# Nth Catalan Number in Go Lang

Catalan Numbers are sequences of natural numbers that gives the number of BST (Binary Search Tree) possible with n Values. So, the Catalan number is a full binary tree with n+1 leaves.

Some applications of Catalan Numbers are counting the pairs of nested parentheses, valid mountain ranges etc.

For n = 5, C = (C(0) * C(4)) + (C(1) * C(3)) + (C(2) * C(2)) + (C(3) * C(1)) + (C(4)* C(0))

Thus, we can see that Catalan numbers are in the form of a recursive relation, i.e., for the nth term, the Catalan number Cn is,

The sum of Catalan(i) * Catalan(n-i-1)

Where i ranges from 0 to (n -1).

For example, print the Catalan number for N = 5,

1, 2, 5, 14, 42, 132, 429, 1430, 4862, 16796, ........

5th term in the above series is 14 thus we will print the output as ‘14’ for 5th Catalan number.

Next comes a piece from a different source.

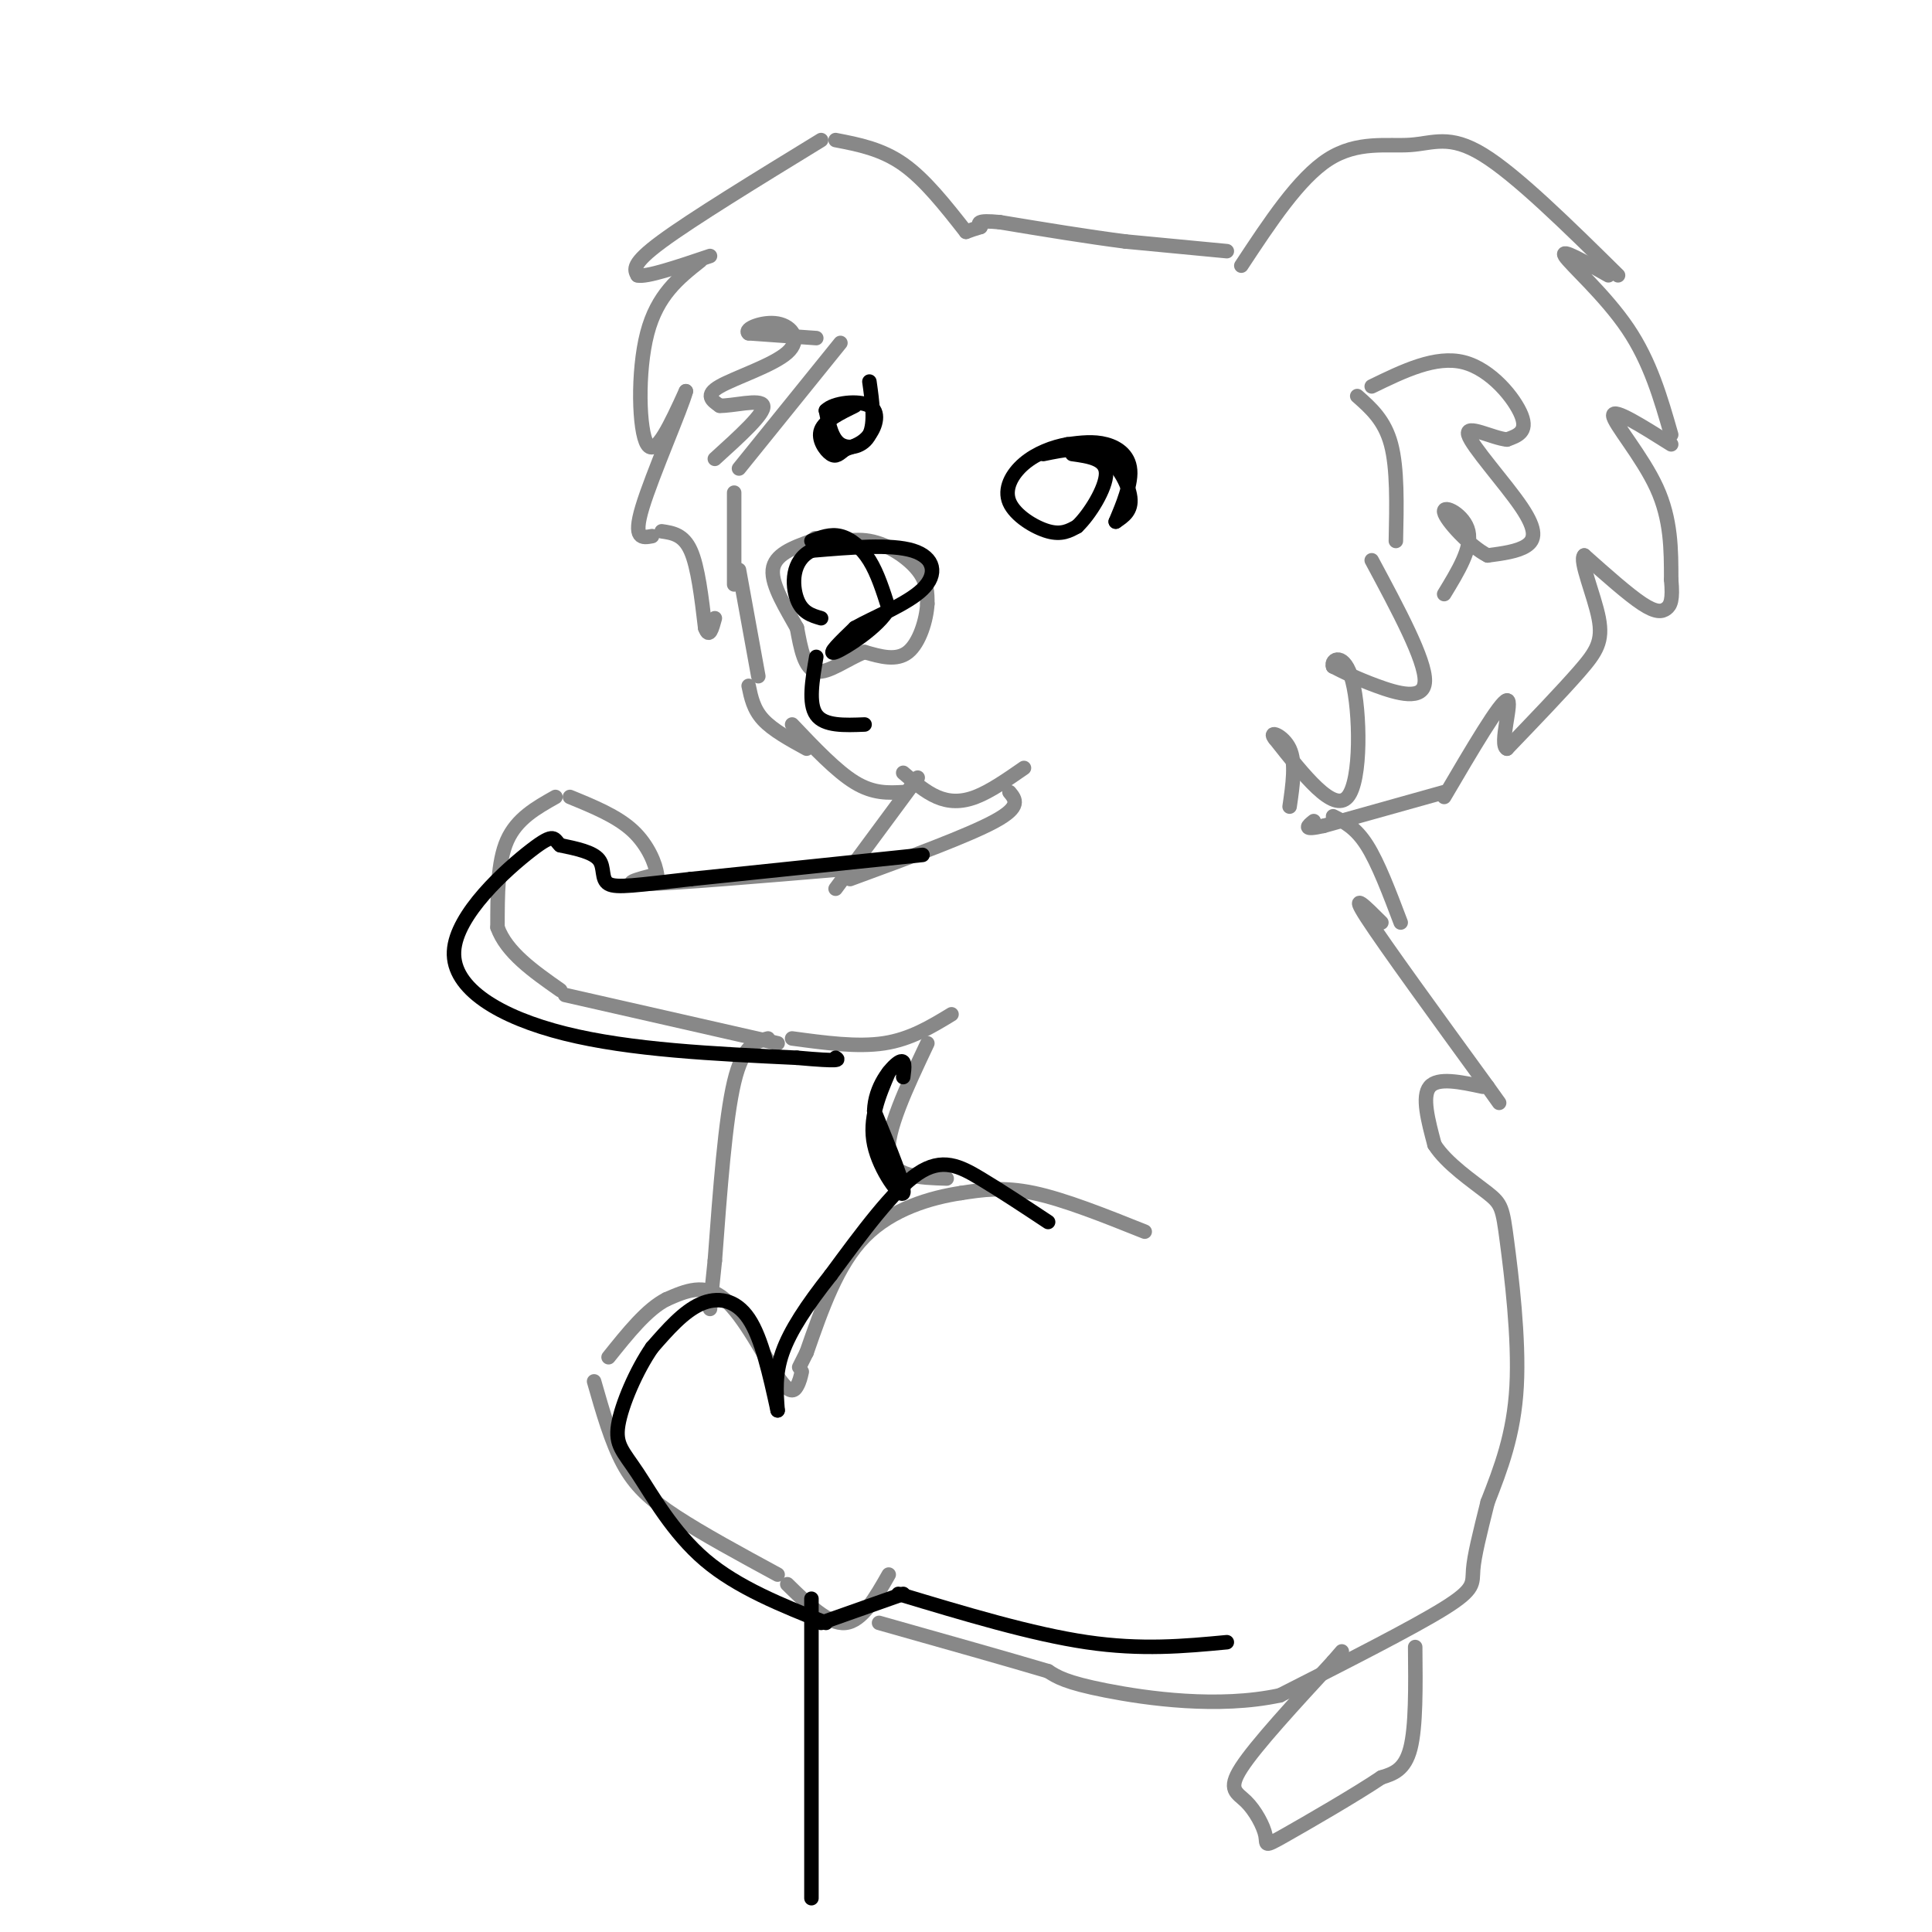 <svg viewBox='0 0 400 400' version='1.1' xmlns='http://www.w3.org/2000/svg' xmlns:xlink='http://www.w3.org/1999/xlink'><g fill='none' stroke='rgb(136,136,136)' stroke-width='3' stroke-linecap='round' stroke-linejoin='round'><path d='M257,55c5.964,-9.048 11.929,-18.095 18,-22c6.071,-3.905 12.250,-2.667 17,-3c4.750,-0.333 8.071,-2.238 15,2c6.929,4.238 17.464,14.619 28,25'/><path d='M333,57c-5.044,-2.867 -10.089,-5.733 -9,-4c1.089,1.733 8.311,8.067 13,15c4.689,6.933 6.844,14.467 9,22'/><path d='M346,92c-6.000,-3.778 -12.000,-7.556 -12,-6c0.000,1.556 6.000,8.444 9,15c3.000,6.556 3.000,12.778 3,19'/><path d='M346,120c0.393,4.238 -0.125,5.333 -1,6c-0.875,0.667 -2.107,0.905 -5,-1c-2.893,-1.905 -7.446,-5.952 -12,-10'/><path d='M328,115c-1.119,0.929 2.083,8.250 3,13c0.917,4.750 -0.452,6.929 -4,11c-3.548,4.071 -9.274,10.036 -15,16'/><path d='M312,155c-1.756,-0.622 1.356,-10.178 0,-10c-1.356,0.178 -7.178,10.089 -13,20'/><path d='M254,52c0.000,0.000 -21.000,-2.000 -21,-2'/><path d='M233,50c-7.833,-1.000 -16.917,-2.500 -26,-4'/><path d='M207,46c-5.000,-0.500 -4.500,0.250 -4,1'/><path d='M203,47c-1.167,0.333 -2.083,0.667 -3,1'/><path d='M200,48c-4.250,-5.417 -8.500,-10.833 -13,-14c-4.500,-3.167 -9.250,-4.083 -14,-5'/><path d='M170,29c-13.333,8.167 -26.667,16.333 -33,21c-6.333,4.667 -5.667,5.833 -5,7'/><path d='M132,57c1.667,0.500 8.333,-1.750 15,-4'/><path d='M145,54c-4.467,3.533 -8.933,7.067 -11,15c-2.067,7.933 -1.733,20.267 0,23c1.733,2.733 4.867,-4.133 8,-11'/><path d='M142,81c-0.844,3.356 -6.956,17.244 -9,24c-2.044,6.756 -0.022,6.378 2,6'/><path d='M174,71c0.000,0.000 -21.000,26.000 -21,26'/><path d='M152,102c0.000,0.000 0.000,19.000 0,19'/><path d='M168,114c4.000,-1.356 8.000,-2.711 12,-2c4.000,0.711 8.000,3.489 10,6c2.000,2.511 2.000,4.756 2,7'/><path d='M192,125c-0.178,3.311 -1.622,8.089 -4,10c-2.378,1.911 -5.689,0.956 -9,0'/><path d='M179,135c-3.444,1.289 -7.556,4.511 -10,4c-2.444,-0.511 -3.222,-4.756 -4,-9'/><path d='M165,130c-2.089,-3.800 -5.311,-8.800 -5,-12c0.311,-3.200 4.156,-4.600 8,-6'/><path d='M168,112c1.333,-1.000 0.667,-0.500 0,0'/><path d='M284,116c5.556,10.356 11.111,20.711 11,25c-0.111,4.289 -5.889,2.511 -10,1c-4.111,-1.511 -6.556,-2.756 -9,-4'/><path d='M276,138c-0.607,-1.512 2.375,-3.292 4,3c1.625,6.292 1.893,20.655 -1,24c-2.893,3.345 -8.946,-4.327 -15,-12'/><path d='M264,153c-1.667,-1.956 1.667,-0.844 3,2c1.333,2.844 0.667,7.422 0,12'/><path d='M153,118c0.000,0.000 4.000,22.000 4,22'/><path d='M155,142c0.500,2.417 1.000,4.833 3,7c2.000,2.167 5.500,4.083 9,6'/><path d='M164,150c4.583,4.833 9.167,9.667 13,12c3.833,2.333 6.917,2.167 10,2'/><path d='M187,160c2.289,1.978 4.578,3.956 7,5c2.422,1.044 4.978,1.156 8,0c3.022,-1.156 6.511,-3.578 10,-6'/><path d='M137,110c2.250,0.333 4.500,0.667 6,4c1.500,3.333 2.250,9.667 3,16'/><path d='M146,130c0.833,2.333 1.417,0.167 2,-2'/><path d='M284,80c6.622,-3.222 13.244,-6.444 19,-5c5.756,1.444 10.644,7.556 12,11c1.356,3.444 -0.822,4.222 -3,5'/><path d='M312,91c-2.901,-0.241 -8.654,-3.343 -8,-1c0.654,2.343 7.715,10.131 11,15c3.285,4.869 2.796,6.820 1,8c-1.796,1.180 -4.898,1.590 -8,2'/><path d='M308,115c-3.631,-1.810 -8.708,-7.333 -9,-9c-0.292,-1.667 4.202,0.524 5,4c0.798,3.476 -2.101,8.238 -5,13'/><path d='M281,82c2.833,2.500 5.667,5.000 7,10c1.333,5.000 1.167,12.500 1,20'/><path d='M169,70c0.000,0.000 -14.000,-1.000 -14,-1'/><path d='M155,69c-1.152,-0.872 2.970,-2.553 6,-2c3.030,0.553 4.970,3.341 2,6c-2.970,2.659 -10.848,5.188 -14,7c-3.152,1.812 -1.576,2.906 0,4'/><path d='M149,84c2.444,0.133 8.556,-1.533 9,0c0.444,1.533 -4.778,6.267 -10,11'/><path d='M299,164c0.000,0.000 -25.000,7.000 -25,7'/><path d='M274,171c-4.500,1.000 -3.250,0.000 -2,-1'/><path d='M276,169c2.333,1.167 4.667,2.333 7,6c2.333,3.667 4.667,9.833 7,16'/><path d='M286,191c-3.333,-3.333 -6.667,-6.667 -3,-1c3.667,5.667 14.333,20.333 25,35'/><path d='M308,225c4.167,5.833 2.083,2.917 0,0'/><path d='M307,225c-4.667,-1.000 -9.333,-2.000 -11,0c-1.667,2.000 -0.333,7.000 1,12'/><path d='M297,237c2.455,3.917 8.091,7.710 11,10c2.909,2.290 3.091,3.078 4,10c0.909,6.922 2.545,19.978 2,30c-0.545,10.022 -3.273,17.011 -6,24'/><path d='M308,311c-1.655,6.619 -2.792,11.167 -3,14c-0.208,2.833 0.512,3.952 -6,8c-6.512,4.048 -20.256,11.024 -34,18'/><path d='M265,351c-12.756,2.756 -27.644,0.644 -36,-1c-8.356,-1.644 -10.178,-2.822 -12,-4'/><path d='M217,346c-7.833,-2.333 -21.417,-6.167 -35,-10'/><path d='M237,255c-8.333,-3.333 -16.667,-6.667 -23,-8c-6.333,-1.333 -10.667,-0.667 -15,0'/><path d='M199,247c-6.244,0.933 -14.356,3.267 -20,9c-5.644,5.733 -8.822,14.867 -12,24'/><path d='M167,280c-2.167,4.333 -1.583,3.167 -1,2'/><path d='M166,284c-0.226,1.018 -0.452,2.036 -1,3c-0.548,0.964 -1.417,1.875 -4,-2c-2.583,-3.875 -6.881,-12.536 -11,-16c-4.119,-3.464 -8.060,-1.732 -12,0'/><path d='M138,269c-4.000,2.000 -8.000,7.000 -12,12'/><path d='M123,286c1.778,6.222 3.556,12.444 6,17c2.444,4.556 5.556,7.444 11,11c5.444,3.556 13.222,7.778 21,12'/><path d='M163,328c4.250,4.167 8.500,8.333 12,8c3.500,-0.333 6.250,-5.167 9,-10'/><path d='M293,341c0.083,8.250 0.167,16.500 -1,21c-1.167,4.500 -3.583,5.250 -6,6'/><path d='M286,368c-5.260,3.544 -15.409,9.403 -20,12c-4.591,2.597 -3.622,1.933 -4,0c-0.378,-1.933 -2.102,-5.136 -4,-7c-1.898,-1.864 -3.971,-2.390 -1,-7c2.971,-4.610 10.985,-13.305 19,-22'/><path d='M276,344c3.167,-3.667 1.583,-1.833 0,0'/><path d='M190,161c0.000,0.000 -17.000,23.000 -17,23'/><path d='M174,180c-16.833,1.417 -33.667,2.833 -40,3c-6.333,0.167 -2.167,-0.917 2,-2'/><path d='M136,181c-0.222,-2.000 -1.778,-6.000 -5,-9c-3.222,-3.000 -8.111,-5.000 -13,-7'/><path d='M115,165c-4.000,2.250 -8.000,4.500 -10,9c-2.000,4.500 -2.000,11.250 -2,18'/><path d='M103,192c1.833,5.167 7.417,9.083 13,13'/><path d='M117,206c0.000,0.000 44.000,10.000 44,10'/><path d='M164,215c6.750,0.917 13.500,1.833 19,1c5.500,-0.833 9.750,-3.417 14,-6'/><path d='M159,215c-2.583,0.667 -5.167,1.333 -7,9c-1.833,7.667 -2.917,22.333 -4,37'/><path d='M148,261c-0.833,7.833 -0.917,8.917 -1,10'/><path d='M176,182c12.250,-4.500 24.500,-9.000 30,-12c5.500,-3.000 4.250,-4.500 3,-6'/><path d='M192,216c-4.333,9.167 -8.667,18.333 -8,23c0.667,4.667 6.333,4.833 12,5'/></g>
<g fill='none' stroke='rgb(0,0,0)' stroke-width='3' stroke-linecap='round' stroke-linejoin='round'><path d='M168,331c0.000,0.000 0.000,62.000 0,62'/><path d='M169,136c-0.833,4.833 -1.667,9.667 0,12c1.667,2.333 5.833,2.167 10,2'/><path d='M216,94c4.333,-0.889 8.667,-1.778 12,0c3.333,1.778 5.667,6.222 6,9c0.333,2.778 -1.333,3.889 -3,5'/><path d='M231,108c0.417,-1.131 2.958,-6.458 3,-10c0.042,-3.542 -2.417,-5.298 -5,-6c-2.583,-0.702 -5.292,-0.351 -8,0'/><path d='M221,92c-2.986,0.520 -6.450,1.820 -9,4c-2.550,2.180 -4.187,5.241 -3,8c1.187,2.759 5.196,5.217 8,6c2.804,0.783 4.402,-0.108 6,-1'/><path d='M223,109c2.578,-2.422 6.022,-7.978 6,-11c-0.022,-3.022 -3.511,-3.511 -7,-4'/><path d='M180,79c0.600,4.267 1.200,8.533 0,11c-1.200,2.467 -4.200,3.133 -6,2c-1.800,-1.133 -2.400,-4.067 -3,-7'/><path d='M171,85c1.512,-1.631 6.792,-2.208 9,-1c2.208,1.208 1.345,4.202 0,6c-1.345,1.798 -3.173,2.399 -5,3'/><path d='M175,93c-1.250,0.929 -1.875,1.750 -3,1c-1.125,-0.750 -2.750,-3.071 -2,-5c0.750,-1.929 3.875,-3.464 7,-5'/><path d='M168,112c1.956,-0.756 3.911,-1.511 6,-1c2.089,0.511 4.311,2.289 6,5c1.689,2.711 2.844,6.356 4,10'/><path d='M184,126c-2.000,3.778 -9.000,8.222 -11,9c-2.000,0.778 1.000,-2.111 4,-5'/><path d='M177,130c3.655,-2.107 10.792,-4.875 14,-8c3.208,-3.125 2.488,-6.607 -2,-8c-4.488,-1.393 -12.744,-0.696 -21,0'/><path d='M168,114c-4.156,2.044 -4.044,7.156 -3,10c1.044,2.844 3.022,3.422 5,4'/><path d='M191,177c0.000,0.000 -48.000,5.000 -48,5'/><path d='M143,182c-11.250,1.262 -15.375,1.917 -17,1c-1.625,-0.917 -0.750,-3.405 -2,-5c-1.250,-1.595 -4.625,-2.298 -8,-3'/><path d='M116,175c-1.413,-1.255 -0.946,-2.893 -6,1c-5.054,3.893 -15.630,13.317 -16,21c-0.370,7.683 9.466,13.624 23,17c13.534,3.376 30.767,4.188 48,5'/><path d='M165,219c9.333,0.833 8.667,0.417 8,0'/><path d='M184,222c-2.067,4.844 -4.133,9.689 -3,15c1.133,5.311 5.467,11.089 6,10c0.533,-1.089 -2.733,-9.044 -6,-17'/><path d='M181,230c0.133,-5.000 3.467,-9.000 5,-10c1.533,-1.000 1.267,1.000 1,3'/><path d='M217,253c-4.867,-3.222 -9.733,-6.444 -14,-9c-4.267,-2.556 -7.933,-4.444 -13,-1c-5.067,3.444 -11.533,12.222 -18,21'/><path d='M172,264c-4.978,6.289 -8.422,11.511 -10,16c-1.578,4.489 -1.289,8.244 -1,12'/><path d='M161,292c-1.644,-7.489 -3.289,-14.978 -6,-19c-2.711,-4.022 -6.489,-4.578 -10,-3c-3.511,1.578 -6.756,5.289 -10,9'/><path d='M135,279c-3.231,4.656 -6.309,11.794 -7,16c-0.691,4.206 1.006,5.478 4,10c2.994,4.522 7.284,12.292 14,18c6.716,5.708 15.858,9.354 25,13'/><path d='M170,336c0.000,0.000 17.000,-6.000 17,-6'/><path d='M186,330c13.833,4.167 27.667,8.333 39,10c11.333,1.667 20.167,0.833 29,0'/></g>
</svg>

## Implementation of Catalan Number

The code given below is the implementation of the nth Catalan number −

### Example

Live Demo

package main
import "fmt"
func main() {
var n =5
fmt.Scanf("%d", &n)
Catalan := make([]int, n + 1)
Catalan[0] = 1
Catalan[1] = 1
for i := 2; i <= n; i++ {
for j := 0; j < i; j++ {
Catalan[i] += (Catalan[j] * Catalan[i - j - 1])
}
}
fmt.Printf("The Catalan Number (Cn) is: %d", Catalan[n - 1])
}

### Output

Running the above code will generate the Catalan number for n = 5,

14